Q: What support does Watershed offer to produce the aggregated reporting out of the data in the Watershed LRS?
A: (Mike) Watershed provides a set of out of the box reports and a big part of many of these early projects is Rustici Software configuring Watershed to provide additional analysis for companies. All of the data is available through the Experience API and Watershed provides additional API access to certain sets of data.
Q: Has the employee the “rights” on his registered data? If he wants to export it, to have its possession or to upload it to another LRS, can he do it?
A: (Mike) There is no right answer to this question or an established legal or industry norm yet. Technically this is all possible via xAPI and in Watershed. Whether a company chooses to enable it or not is still an option. In my experience, more organizations are open to this idea than not…but I’m typically talking to L&D folks, not the lawyers.
(PER) At the moment, all the activities we track are related to PANDORA training, and as such owned by PANDORA. But like I said at the webinar, we see this technology as a step in the direction of enabling data transfer to the learners, once a standard or service is established. I’d like to think of a future in which every learning experience you’ve had can be collected in your own personal LRS, enabling you to use that both in future interviews as well as other future career decisions.
Q: Will this be recorded and a link sent to us?
Q: Showed up a little late and wanted to make sure i didn’t miss it … Will this be recorded for review later? Thanks.
A: (Mike) Yep! We’ll send an email out to everybody that signed up for the webinar. You’ll get a link to the slides, the Q&A blog, and the recorded webinar.
Q: Just an observation: You can compare Pandora’s experience to any retail chain .. Many thanks .. A big shout out to all of you from Cancun, Mexico!
A: (Mike) Absolutely. We try to extract lessons from each of these use cases that are broadly applicable. I’m pretty sure you need an onsite consultation in Cancun, don’t you? 😉
Q: Is this webinar hosted by Pandora the jewelry company or PANDORA the music application? The logo on the screen is for the jewelry, but I thought this was about web apps???
A: (Mike) This is Pandora the Jewelry company, and how they’re using the Experience API, Watershed LRS, and Tribridge to do things with their training departments that could never been done before. Sorry if there was any confusion, being named “Rustici Software” we not really used to having disambiguate our company name!

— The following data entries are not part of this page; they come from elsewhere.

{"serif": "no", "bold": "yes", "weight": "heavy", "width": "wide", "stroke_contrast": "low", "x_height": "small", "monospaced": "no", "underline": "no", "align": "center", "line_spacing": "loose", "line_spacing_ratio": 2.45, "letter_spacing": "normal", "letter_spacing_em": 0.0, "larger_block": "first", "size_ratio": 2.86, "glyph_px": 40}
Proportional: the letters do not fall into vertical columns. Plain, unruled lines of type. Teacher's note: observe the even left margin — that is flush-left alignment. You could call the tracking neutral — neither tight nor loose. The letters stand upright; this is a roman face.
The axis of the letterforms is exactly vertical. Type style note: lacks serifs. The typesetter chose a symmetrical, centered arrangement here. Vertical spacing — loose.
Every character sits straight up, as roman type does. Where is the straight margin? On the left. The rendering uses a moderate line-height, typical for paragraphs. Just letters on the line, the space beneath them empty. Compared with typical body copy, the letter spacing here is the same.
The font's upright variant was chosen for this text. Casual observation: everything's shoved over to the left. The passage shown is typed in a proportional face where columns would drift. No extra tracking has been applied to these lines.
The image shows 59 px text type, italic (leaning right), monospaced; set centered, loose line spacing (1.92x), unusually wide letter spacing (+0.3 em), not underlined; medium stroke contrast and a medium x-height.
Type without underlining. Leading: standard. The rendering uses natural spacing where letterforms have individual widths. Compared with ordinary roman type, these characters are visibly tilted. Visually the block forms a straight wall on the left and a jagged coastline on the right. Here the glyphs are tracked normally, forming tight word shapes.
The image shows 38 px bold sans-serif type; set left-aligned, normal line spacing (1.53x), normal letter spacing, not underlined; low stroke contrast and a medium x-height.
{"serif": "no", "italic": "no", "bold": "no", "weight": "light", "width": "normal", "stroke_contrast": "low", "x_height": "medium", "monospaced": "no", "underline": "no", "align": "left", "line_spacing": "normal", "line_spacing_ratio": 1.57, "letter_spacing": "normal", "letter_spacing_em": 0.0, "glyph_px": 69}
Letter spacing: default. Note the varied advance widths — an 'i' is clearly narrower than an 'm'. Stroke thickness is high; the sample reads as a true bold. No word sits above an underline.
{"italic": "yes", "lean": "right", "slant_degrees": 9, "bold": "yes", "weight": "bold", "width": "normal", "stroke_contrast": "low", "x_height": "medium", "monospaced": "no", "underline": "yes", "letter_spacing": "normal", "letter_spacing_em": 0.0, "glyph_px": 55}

A: (Mike) Thanks for that. It’s tough making a joke when everybody is muted and you can’t tell if it flopped!
Q: Great session!
Q: Great session!
Q: Excellent webinar
Q: Very well done. Thanks!
Q: This webinar was interesting to see from a commercial case study perspective and I enjoyed the slant from a performance perspective.
Q: Thank you for this interesting webinar .. I hope my invited clients were in attendance .. I’m sure this will have piqued their interest far better than I have been able to.
Q: Keep up the great work!
A: (Mike) Thanks! Glad you enjoyed it.
Q: Interesting to hear what people are doing but would like to know more about that how.
Q: Would like to see more of the “how” behind these technologies. Show the admin interface, discuss the integration process.
Q: To be quite honest, this was a waste of time. I knew many things before about xAPI, and I was hoping to see how the data actually looked, and how it tracks it. I saw none of this.
Q: The topics were quite interesting but the points Per made were far from direct. Would prefer a more concise, directed webinar about the integration – such as how did he collect the informal training data, or the physical workbook assignment answers?
Q: I think I came into this webinar with different expectations. I thought this was going to be a demo of xAPI and show how you could track all of these learning event. But I will look online for the demos. If I already had an understanding of xAPI beforehand I’m sure this would have been time well spent.
A: (Mike) Thanks for the feedback. We always struggle with the balance of keeping things at a high level and understandable by a mass audience vs expressing our inner geekdom and providing technical details. I think this is good feedback that perhaps we could go a bit deeper and show some things actually in action.